In order to generate documentation from docstrings in our Python source code, we must also enable the autodoc
feature and tell Sphinx where our Python package is located (i.e. in the parent directory). At the top of conf.py
in the “Path setup” section, make sure that these lines are uncommented and that the path points to the parent (..
) instead of the current (.
) directory:
import os
import sys
sys.path.insert(0, os.path.abspath('..'))
Lastly, add autodoc
to the list of extensions:
extensions = [
...
'sphinx_rtd_theme',
'sphinx.ext.autodoc'
]
Now, we can document classes, methods, functions, enums, etc. directly in the Python code using docstrings and include this documentation in the reST files where we find it appropriate using autodoc directives. I find that keeping most of the documentation in the code (where the developers are forced to look at it) increases the probability it being maintained properly.

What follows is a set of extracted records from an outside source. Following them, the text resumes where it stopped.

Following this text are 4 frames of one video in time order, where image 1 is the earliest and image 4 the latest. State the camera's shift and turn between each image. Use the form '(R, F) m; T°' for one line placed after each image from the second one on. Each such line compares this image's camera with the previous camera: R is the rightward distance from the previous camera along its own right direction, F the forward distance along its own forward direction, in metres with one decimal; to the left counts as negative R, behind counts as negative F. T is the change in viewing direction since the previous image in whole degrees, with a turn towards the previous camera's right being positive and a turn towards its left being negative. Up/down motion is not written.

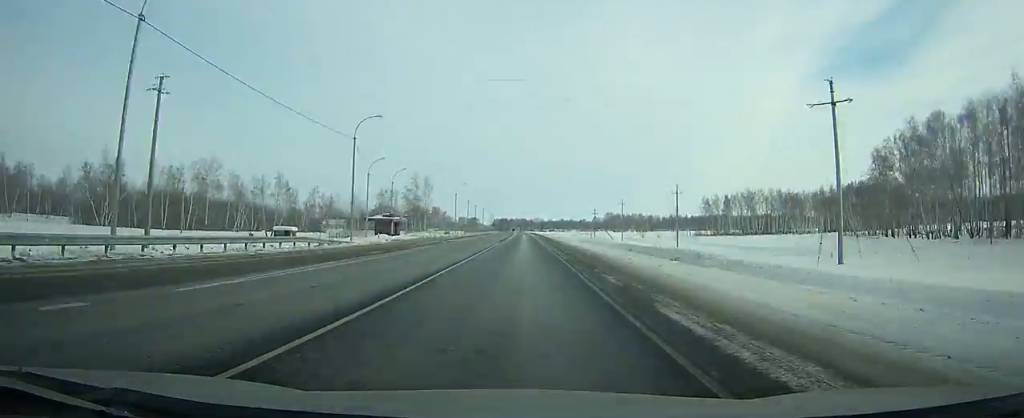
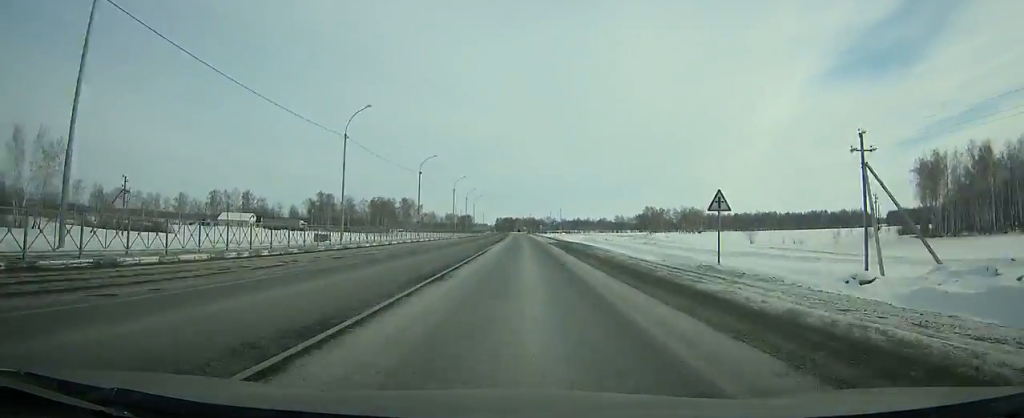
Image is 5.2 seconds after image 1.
(-0.9, +136.7) m; -1°
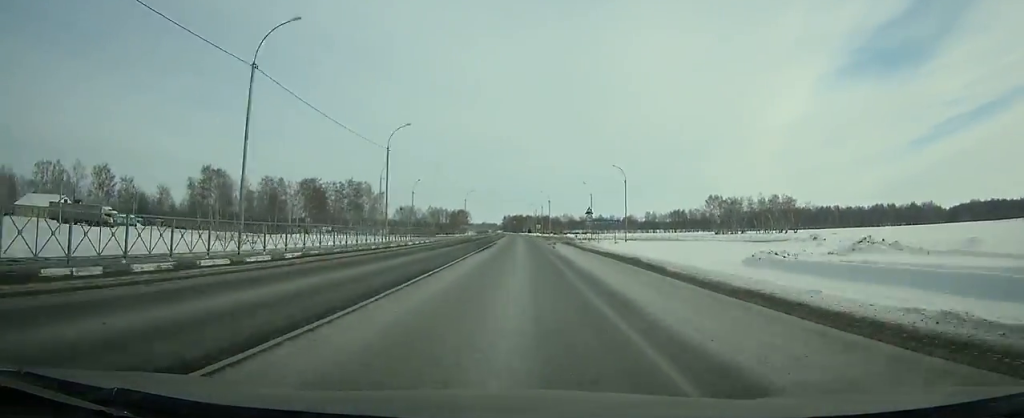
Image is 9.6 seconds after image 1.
(-0.4, +110.7) m; -1°
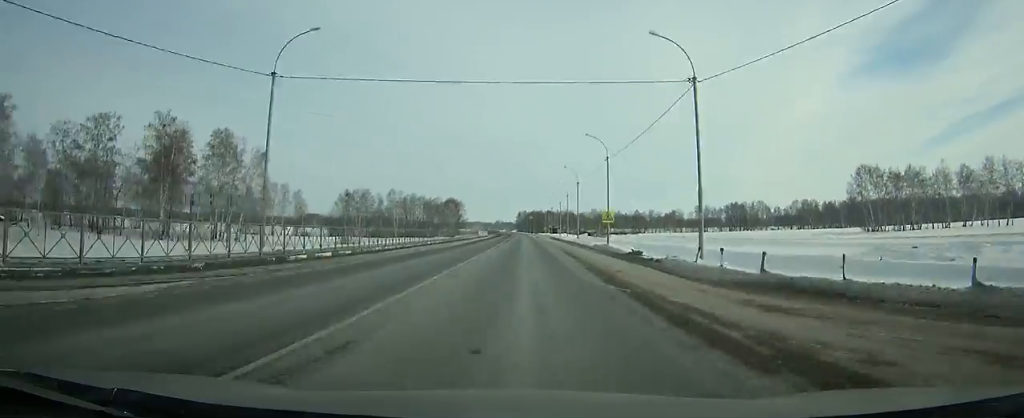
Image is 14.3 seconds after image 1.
(-2.0, +113.6) m; -2°
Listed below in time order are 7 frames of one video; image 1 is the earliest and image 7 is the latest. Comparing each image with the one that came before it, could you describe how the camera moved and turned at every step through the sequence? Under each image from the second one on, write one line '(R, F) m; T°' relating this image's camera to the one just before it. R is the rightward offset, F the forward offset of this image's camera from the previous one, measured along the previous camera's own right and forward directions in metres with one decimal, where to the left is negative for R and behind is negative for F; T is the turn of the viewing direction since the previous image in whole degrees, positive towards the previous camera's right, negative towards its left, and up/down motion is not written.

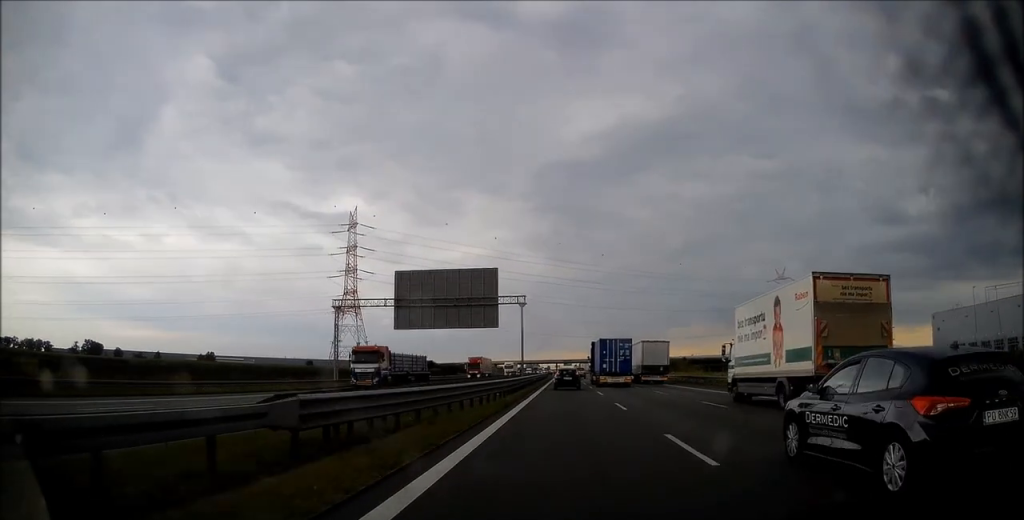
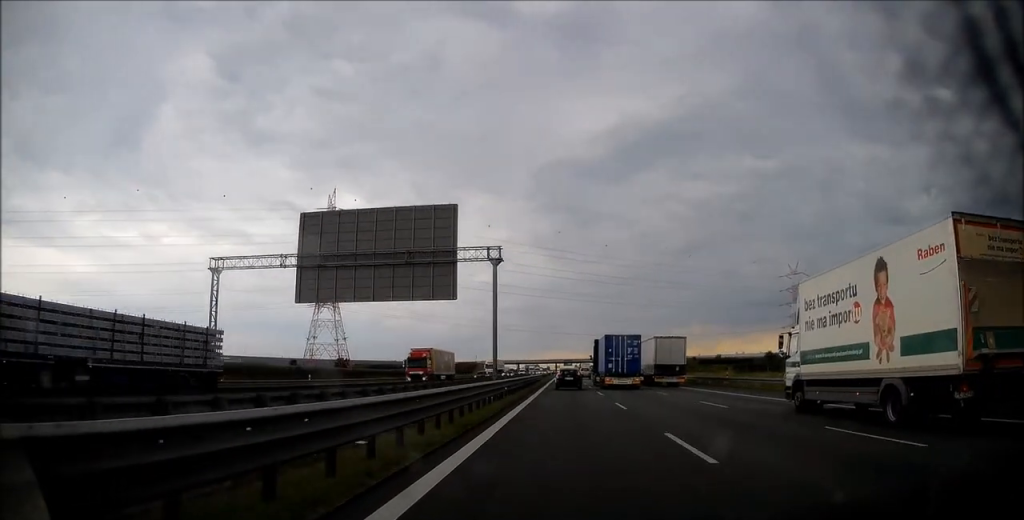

Building and publishing a package
Building the package
When we get to a point where the code is ready for release, we first check conf.py
to make sure that all package details are the way that we want them – and remember to update the version number for each release. We will first install the build
package with pip install build
, and then run the build command from the root of our package directory:
$ python -m build
A distribution folder dist/
is created with a zip archive (.tar.gz) and a wheel (.whl). The wheel is used to install the package (i.e. pip install my_package.whl
) and the zip contains the source code, LICENSE, README.md, setup.cfg and pyproject.toml. The zip does not contain docs, tests or any other folders – those are just for the developers.

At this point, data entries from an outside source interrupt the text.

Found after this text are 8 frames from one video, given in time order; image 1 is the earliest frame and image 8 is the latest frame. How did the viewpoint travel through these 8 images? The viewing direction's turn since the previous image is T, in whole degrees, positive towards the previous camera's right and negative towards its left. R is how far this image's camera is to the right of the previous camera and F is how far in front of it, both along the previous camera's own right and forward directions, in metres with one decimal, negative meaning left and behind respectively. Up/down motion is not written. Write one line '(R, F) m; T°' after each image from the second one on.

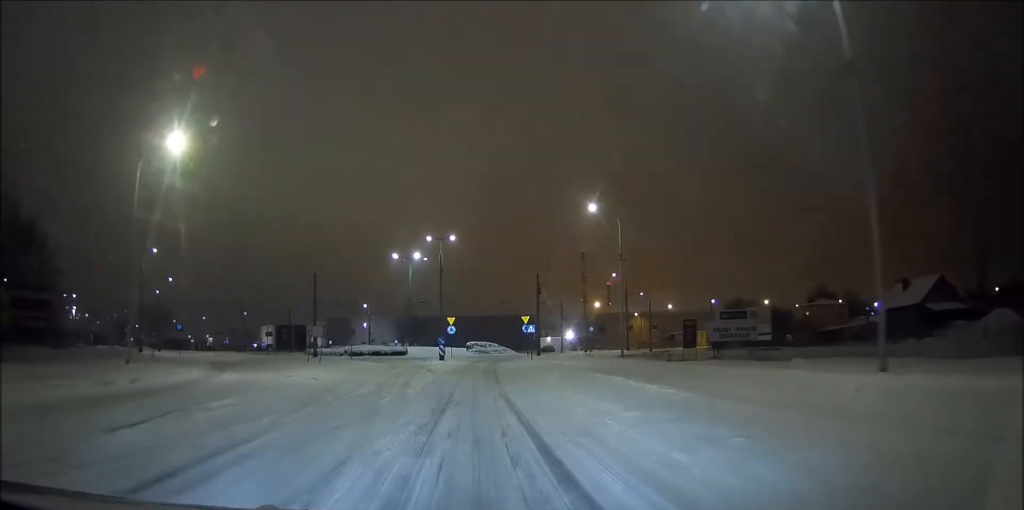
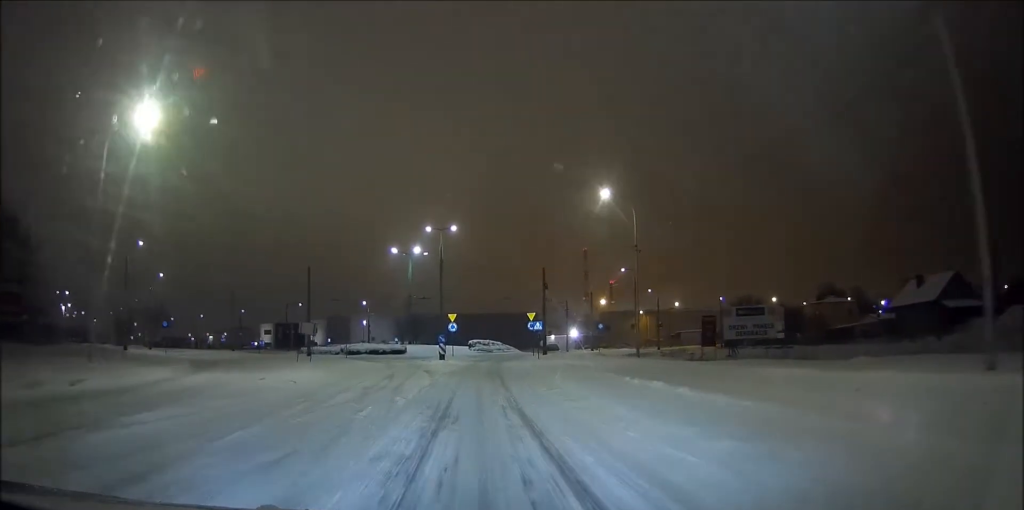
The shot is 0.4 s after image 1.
(+0.1, +3.5) m; 0°
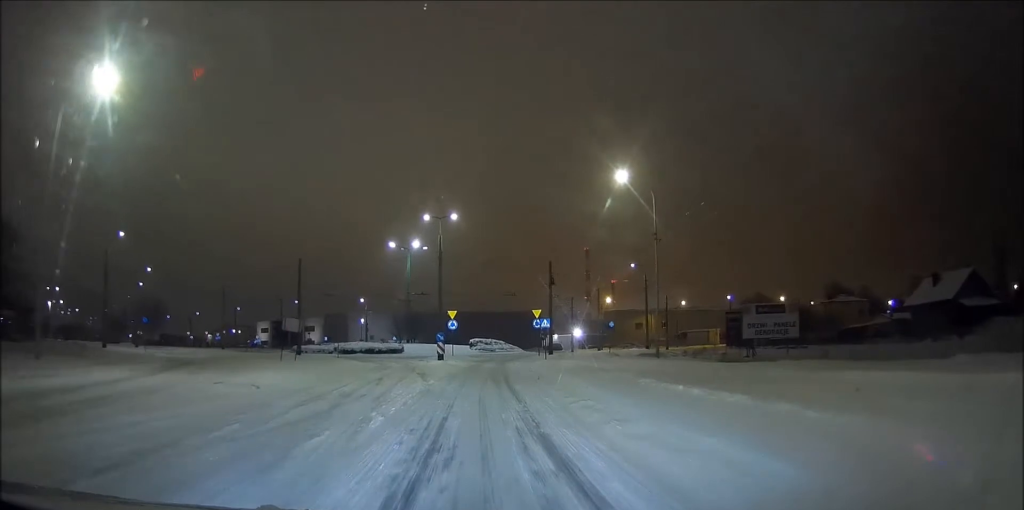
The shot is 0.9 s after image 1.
(0.0, +4.0) m; 0°
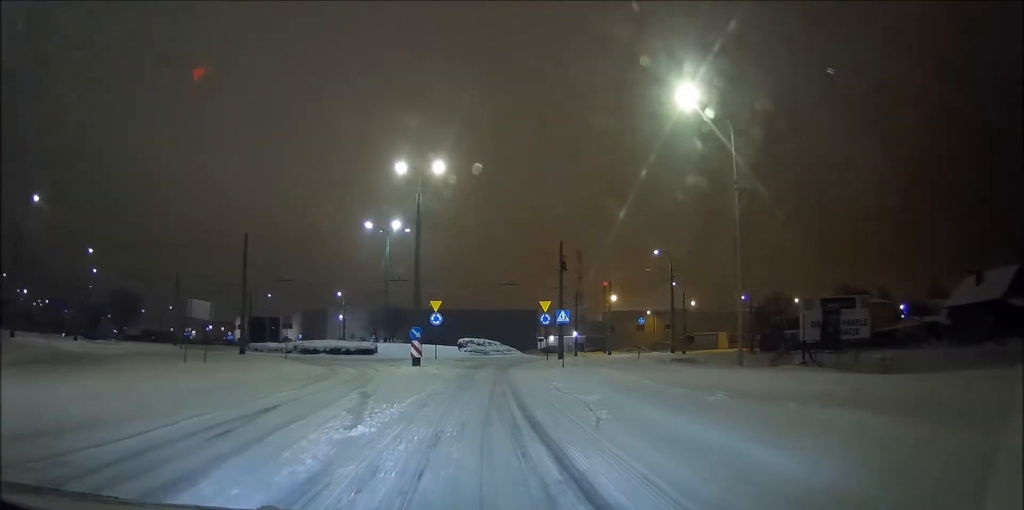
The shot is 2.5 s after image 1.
(-0.4, +12.5) m; -3°
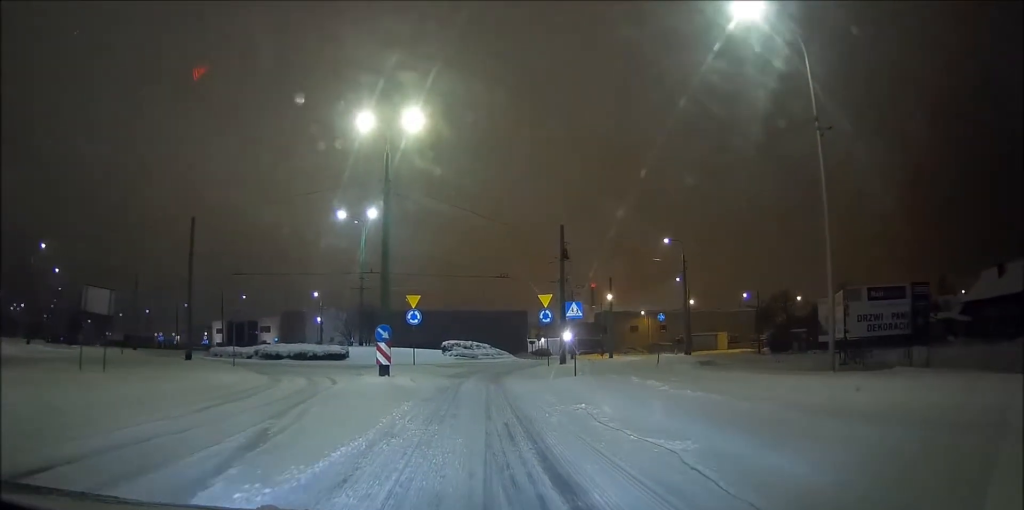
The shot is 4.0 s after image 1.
(0.0, +9.5) m; 0°
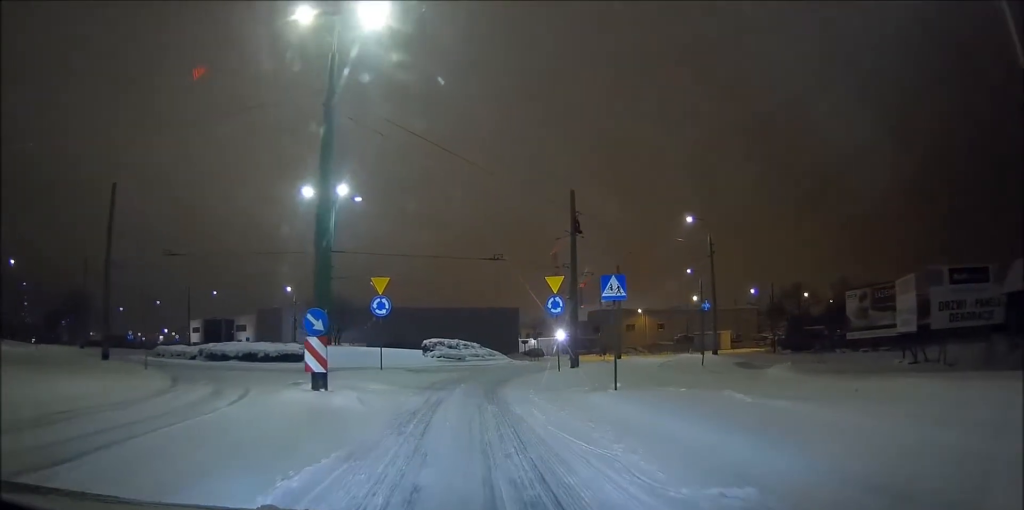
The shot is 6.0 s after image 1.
(+0.1, +10.0) m; +2°
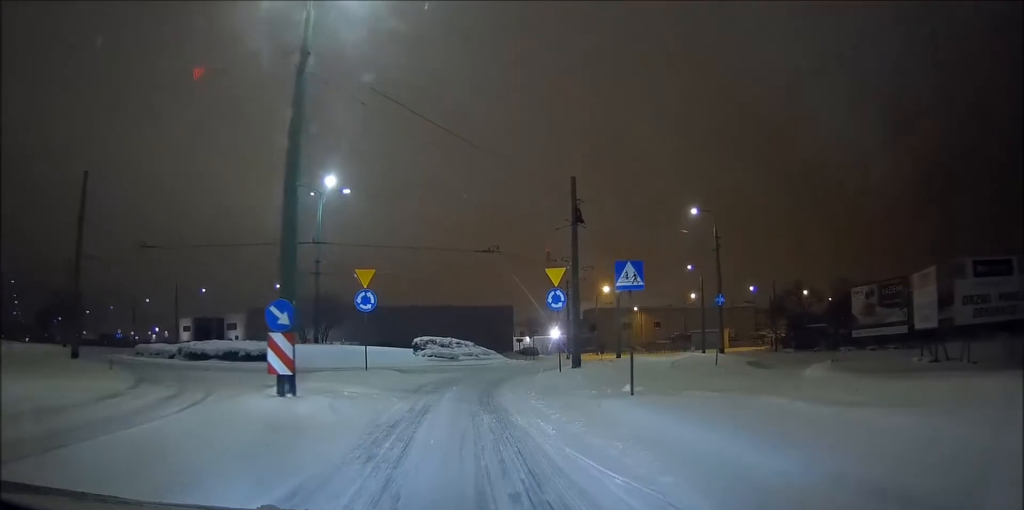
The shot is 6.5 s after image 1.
(0.0, +2.1) m; +1°
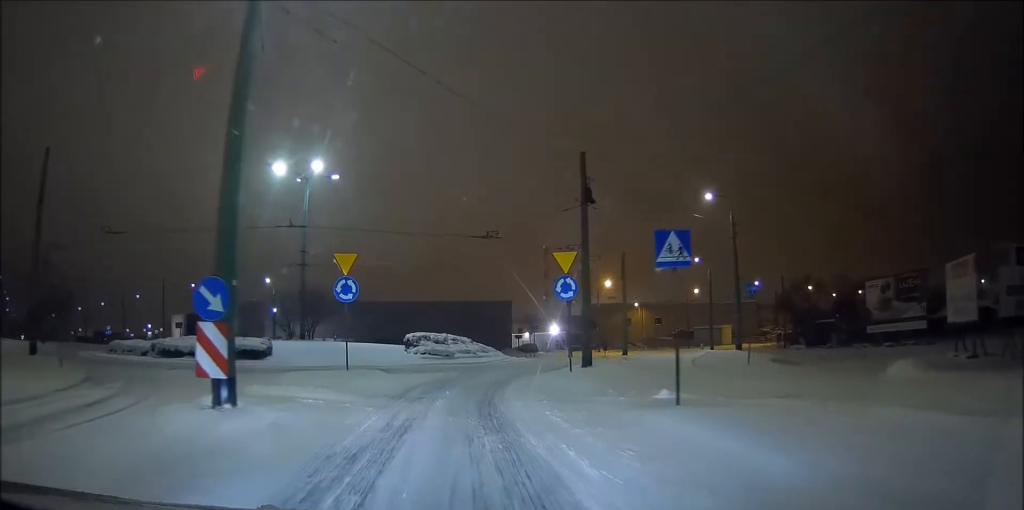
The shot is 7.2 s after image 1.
(+0.1, +3.2) m; +1°

We now have the files needed to publish the package.
Publishing the package
Whenever we are installing a Python package with pip
, it searches for the package in the Python Package Index (PyPI) by default. You can also tell pip
explicitly which index to use by specifying the --index-url
at the command line. For example to install a package from Test PyPI, which is a separate index created to let you play around with the distribution tools, we can run pip
like this:
$ pip install --index-url https://test.pypi.org/project/my-package
To upload our package to the index we must first create an account. I already have an account for Test PyPI, so I will use that for now.
The tool used to publish the package is called twine
and can be installed with pip install twine
. Then publishing to Test PyPI is as simple as calling twine
with the index and the path to the local distribution files:
$ python -m twine upload --repository testpypi dist/*
After entering the credentials, the package should be visible at https://test.pypi.org/project/<my_package> after a few minutes.
And that’s it! I learned a lot about Python through this process and hope this post has given you some ideas that you can use in your own projects.